:: WORK REQUIRED ::
Transcribe the lines below verbatim, skipping the images.

:: EXCERPTED DATA ::
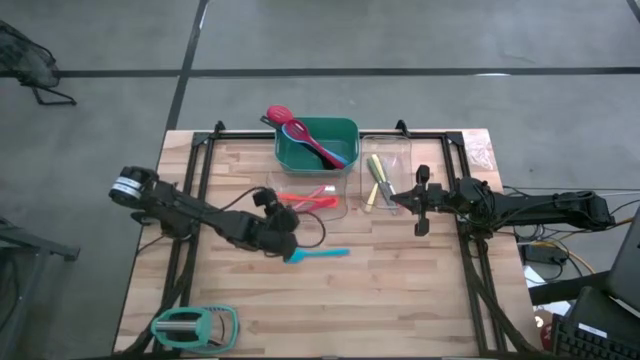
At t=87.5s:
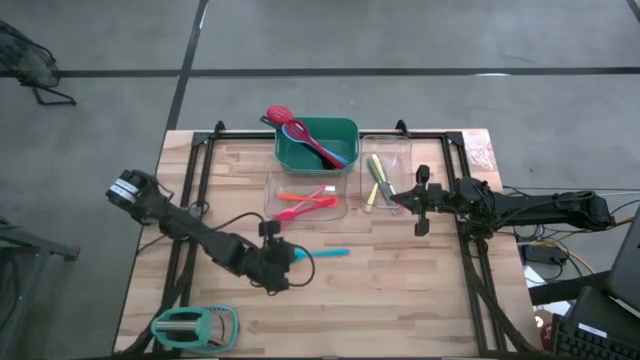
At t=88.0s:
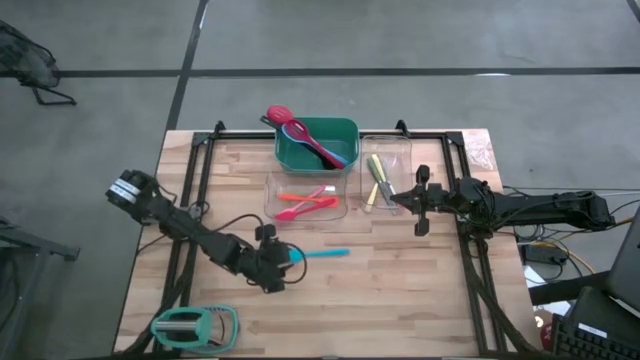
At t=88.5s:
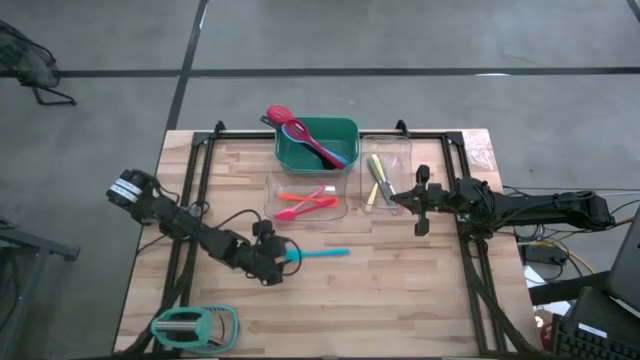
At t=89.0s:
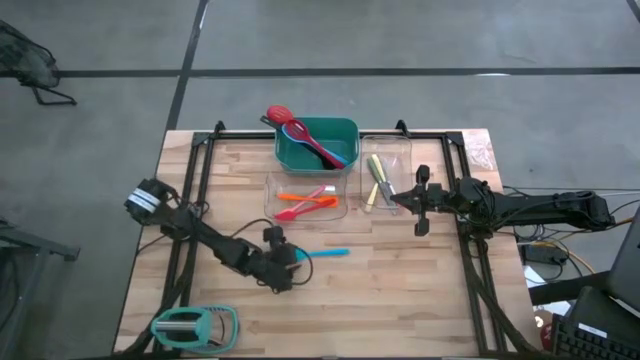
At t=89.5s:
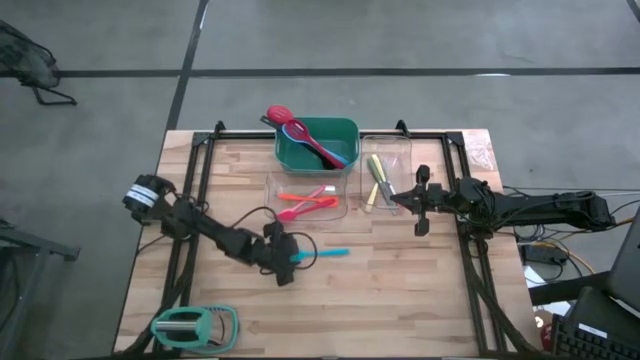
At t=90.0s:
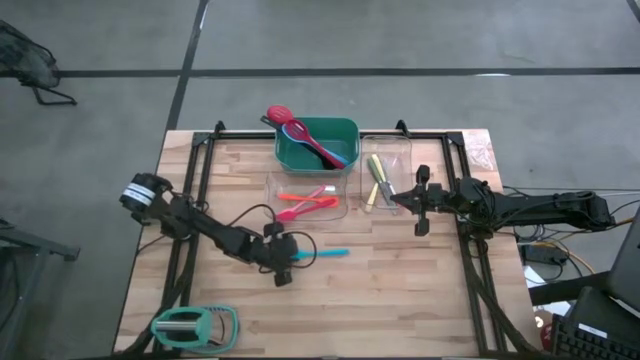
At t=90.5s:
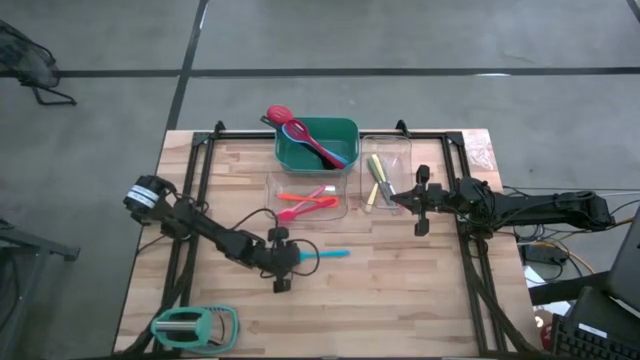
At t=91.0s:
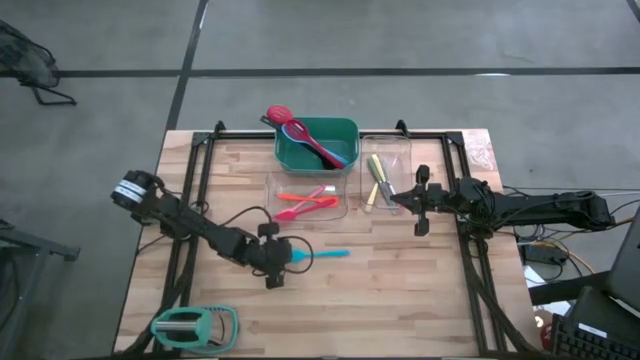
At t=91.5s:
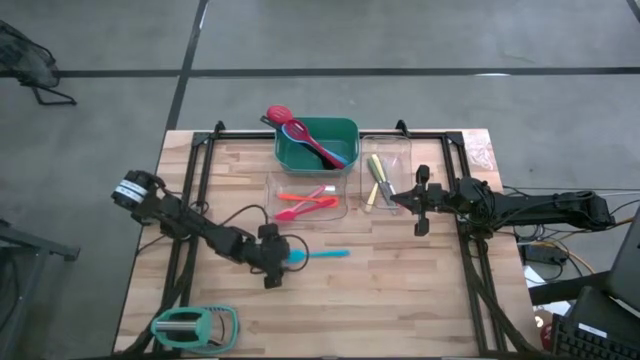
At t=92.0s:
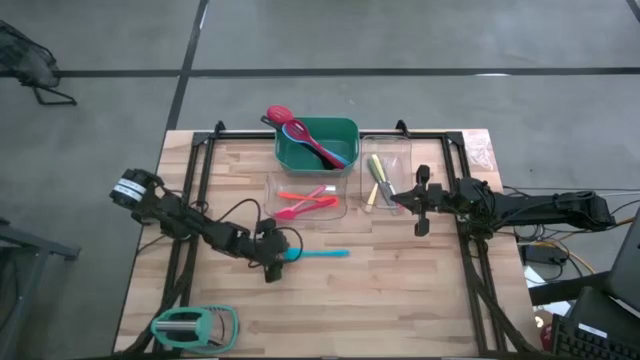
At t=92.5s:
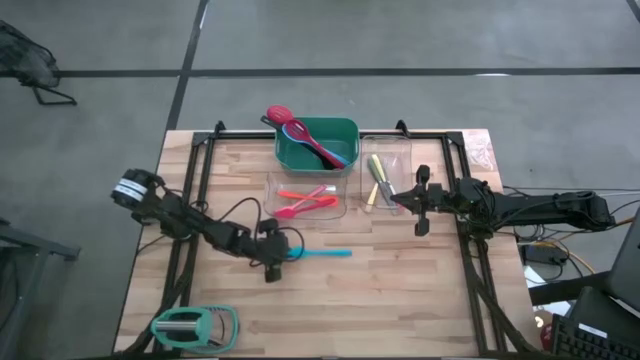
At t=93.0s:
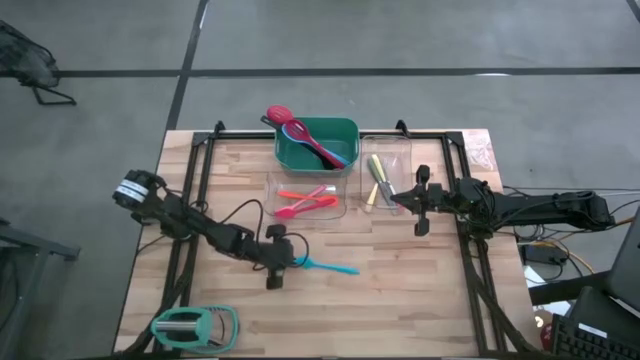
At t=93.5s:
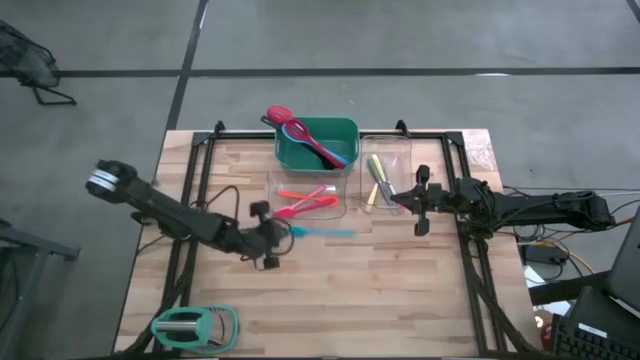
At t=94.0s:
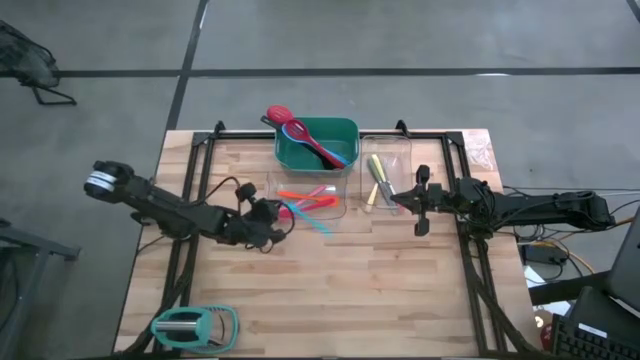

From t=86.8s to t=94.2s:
Task: Pick & Place Kitchen Items
Put the blue spatula into the transparent bin

:: ANSWER TO THIS EXERCISE ::
At t=87.5s:
At t=88.0s:
At t=88.5s:
At t=89.0s:
At t=89.5s:
At t=90.0s:
At t=90.5s:
At t=91.0s:
At t=91.5s:
At t=92.0s:
At t=92.5s:
At t=93.0s:
At t=93.5s:
At t=94.0s:

From t=86.8s to t=94.2s:
Task: Pick & Place Kitchen Items
Put the blue spatula into the transparent bin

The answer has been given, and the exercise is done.